- Aids e covid-19 têm formas de transmissão, sintomas e tratamentos completamente diferentes. Mesmo assim, as doenças que marcaram o fim do século 20 e o início do 21, respectivamente, trazem semelhanças importantes, especialmente na forma como a sociedade e a ciência reagiram a elas.
E esses processos tiveram os mais variados desdobramentos. Por um lado, as duas pandemias demandaram a criação de soluções rápidas, que resultaram em testes, remédios e vacinas modernos e disruptivos, que beneficiaram não apenas as duas condições, mas a medicina como um todo. Por outro, o surgimento de problemas novos reforçou (e até criou) preconceitos, estigmas e desigualdades que resistem até hoje.
Os dois momentos históricos também trazem aprendizados importantes sobre a prevenção, quais estratégias funcionam mais ou menos e o papel da comunicação neste contexto.
Essa é a análise feita por especialistas em saúde ouvidos pela BBC News Brasil. Eles avaliam que as duas crises sanitárias apresentam muitos paralelos e entendê-los pode nos ajudar a lidar com as futuras pandemias que virão pela frente.
1. Estresse, medo e incertezas
Nos últimos dias de dezembro de 2019, veículos e agências de notícias publicaram as primeiras informações sobre os casos de uma “pneumonia misteriosa” que começou a acometer algumas pessoas em Wuhan, na China.
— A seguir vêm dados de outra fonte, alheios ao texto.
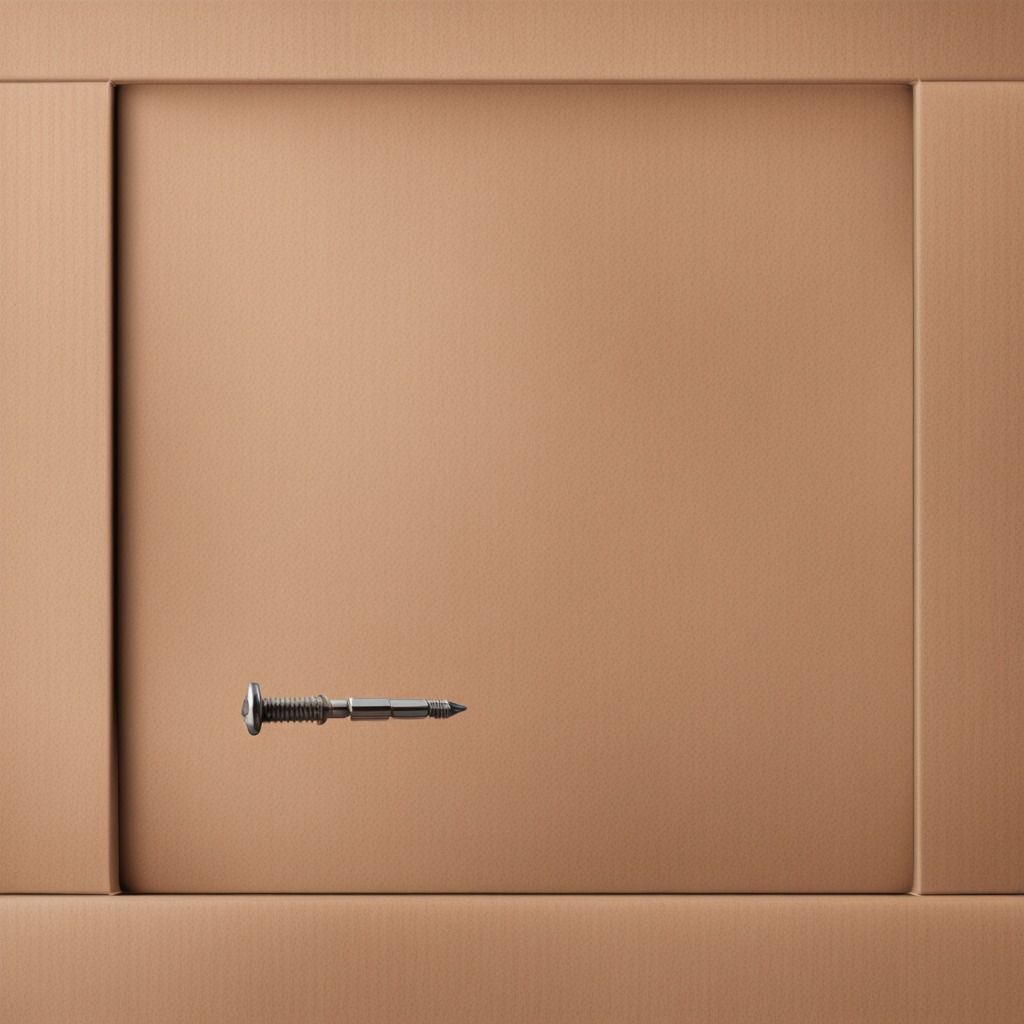
A metal screw is lying on a cardboard box surface in an outdoor workshop during daytime bright natural light soft shadows slightly creased but
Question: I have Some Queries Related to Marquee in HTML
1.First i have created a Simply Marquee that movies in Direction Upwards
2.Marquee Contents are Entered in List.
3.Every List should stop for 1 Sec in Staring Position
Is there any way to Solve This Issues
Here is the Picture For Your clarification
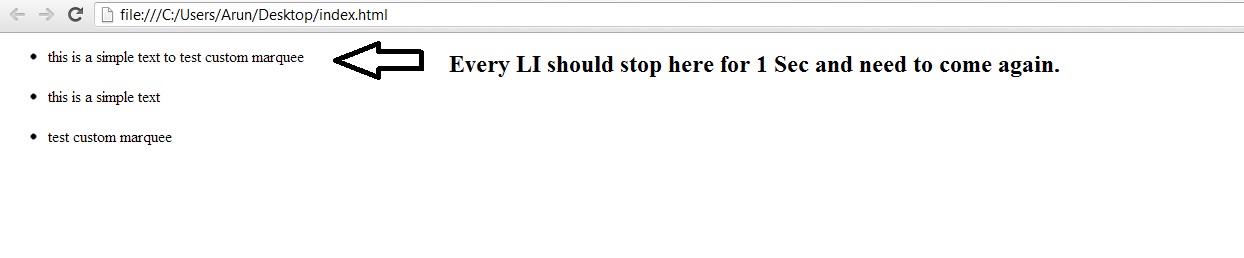
Answer: I have worked with div as marquee is not cross-browser.
i have also added '<div id="cont"></div>' to show that even if has something on top it will still work.
code for stooping Every List should stop for 1 Sec in Staring Position
Working Demo <URL>
# html
'''
<div id="cont"></div>
<div id="container">
<ul id="mytext">
<li>this is a simple text to test custom marquee</li>
<li>this is a simple text</li>
<li>test custom marquee</li>
</ul>
</div>
'''
# css
'''
#cont {
height:200px;
width:200px;
}
#container {
display: inline-block;
overflow: hidden;
width: auto;
position:absolute;
}
#mytext {
display: inline-block;
position: relative;
margin-left:10px;
margin-bottom:10px;
}
'''
# js
'''
txt = $("#mytext");
length = $("#mytext li").length;
height_ul = parseInt(txt.height());
height_li = parseInt(txt.height()) / length;
delta = 0;
run();
function run() {
delta = (delta - height_li < -1 * height_ul) ? height_ul : delta - height_li;
if (delta <= 0) {
scroll_li(delta);
} else if (delta = height_ul) {
txt.animate({
top: delta
}, 0, "linear");
delta = 0;
scroll_li(delta);
}
setTimeout(run, 1000);
}
function scroll_li(delta) {
txt.animate({
top: delta
}, 2000, "linear").delay(1000);
}
'''
previous code
Working Demo <URL>
'''
<div id="cont"></div>
<div id="container">
<ul id="mytext">
<li>this is a simple text to test custom marquee</li>
<li>this is a simple text</li>
<li>test custom marquee</li>
</ul>
</div>
'''
'''
#cont {
height:200px;
width:200px;
}
#container {
display: inline-block;
overflow: hidden;
width: auto;
position:absolute;
}
#mytext {
display: inline-block;
position: relative;
margin-left:10px;
margin-bottom:10px;
}
'''
'''
$(function () {
var txt = $("#mytext");
txt.bind('scroll', function () {
var el = $(this);
// Scroll state machine
var scrollState = el.data("scrollState") || 0;
el.data("scrollState", (scrollState + 1) % 4);
switch (scrollState) {
case 0:
// initial wait
el.css({
top: 0
});
el.show();
window.setTimeout(function () {
el.trigger("scroll");
}, 1000);
break;
case 1:
// start scroll
var delta = 0 - parseInt(el.height());
if (delta < 0) {
el.animate({
top: delta
}, 2000, "linear", function () {
el.trigger("scroll");
});
delta = -1 * parseInt(delta) + 'px';
el.animate({
top: delta
}, 0, "linear", function () {
el.trigger("scroll");
});
el.animate({
top: 0
}, 2000, "linear", function () {
el.trigger("scroll");
});
}
break;
}
}).trigger("scroll");
});
'''
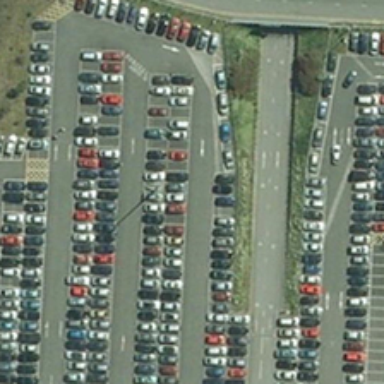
Many crowded cars are parked in a parking lot near a road .
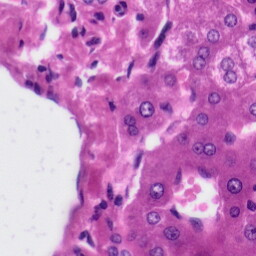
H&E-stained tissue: Liver
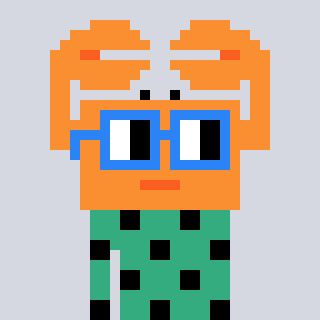
a pixel art character with square blue glasses, a crab-shaped head and a teal-colored body on a cool background
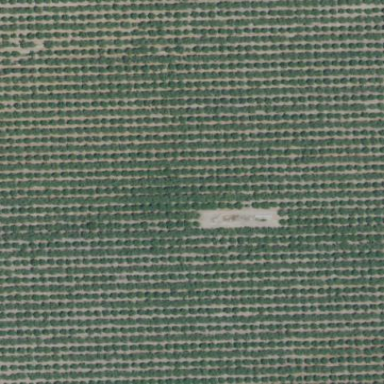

No início de janeiro, veio a confirmação de que o quadro estava relacionado a um novo tipo de coronavírus, que seria nomeado posteriormente de Sars-CoV-2.
Um processo parecido aconteceu com o HIV, o vírus da imunodeficiência humana. Apesar de existirem evidências de que ele já circulava desde a década de 1930, o problema começou a chamar a atenção entre o final dos anos 1970 e o início dos 1980.
Nessa época, os especialistas perceberam o aumento na frequência de sintomas do que viria a ser conhecida como a Síndrome da Imunodeficiência Adquirida, ou aids. No período, o quadro foi observado com mais intensidade em homens que fazem sexo com homens de algumas regiões dos Estados Unidos.
Para o médico Ricardo Sobhie Diaz, professor de infectologia da Escola Paulista de Medicina da Universidade Federal de São Paulo (Unifesp), as duas situações são marcadas pelo aumento do estresse generalizado diante das incertezas.
“Quando começamos a ouvir sobre HIV e aids, havia muito medo, pois não se sabia o que poderia acontecer com as pessoas e qual seria o tamanho da catástrofe que iríamos enfrentar”, lembra.
“E nós vemos a mesma coisa agora com a covid-19. Todos nos sentimos um tanto incapazes de entender realmente o que acontece, especialmente nos primeiros meses da pandemia”, completa.
2. Estigmas e preconceitos
Uma das consequências desse medo generalizado diante do desconhecido é o surgimento de teorias da conspiração e movimentos que tentam encontrar algo (ou alguém) para jogar a culpa.
“No início, a aids era descrita pejorativamente como a doença dos cinco H’s, pois acreditava-se que ela só afetaria homossexuais, prostitutas (hookers, em inglês), haitianos, hemofílicos e usuários de heroína”, diz a infectologista Karen Morejon, do Hospital das Clínicas da Faculdade de Medicina de Ribeirão Preto da Universidade de São Paulo (USP), no interior paulista.
E esses estigmas e preconceitos eram reforçados pela própria imprensa. Na edição de 12 de junho de 1983 do jornal Notícias Populares, por exemplo, é possível ler uma manchete preconceituosa sobre a aids. Em letras garrafais, a capa anunciava: “A peste gay já apavora São Paulo”.
Com a covid-19, houve um cuidado extra das autoridades, especialmente da Organização Mundial da Saúde (OMS), para que Wuhan, ou a China como um todo, não ficassem estigmatizados, ou virassem referência como o nome da doença ou do vírus.
E há exemplos claros de como evitar essa vinculação geográfica de uma nova enfermidade é importante. Talvez o maior deles seja a gripe espanhola, que matou milhões de pessoas entre 1918 e 1920.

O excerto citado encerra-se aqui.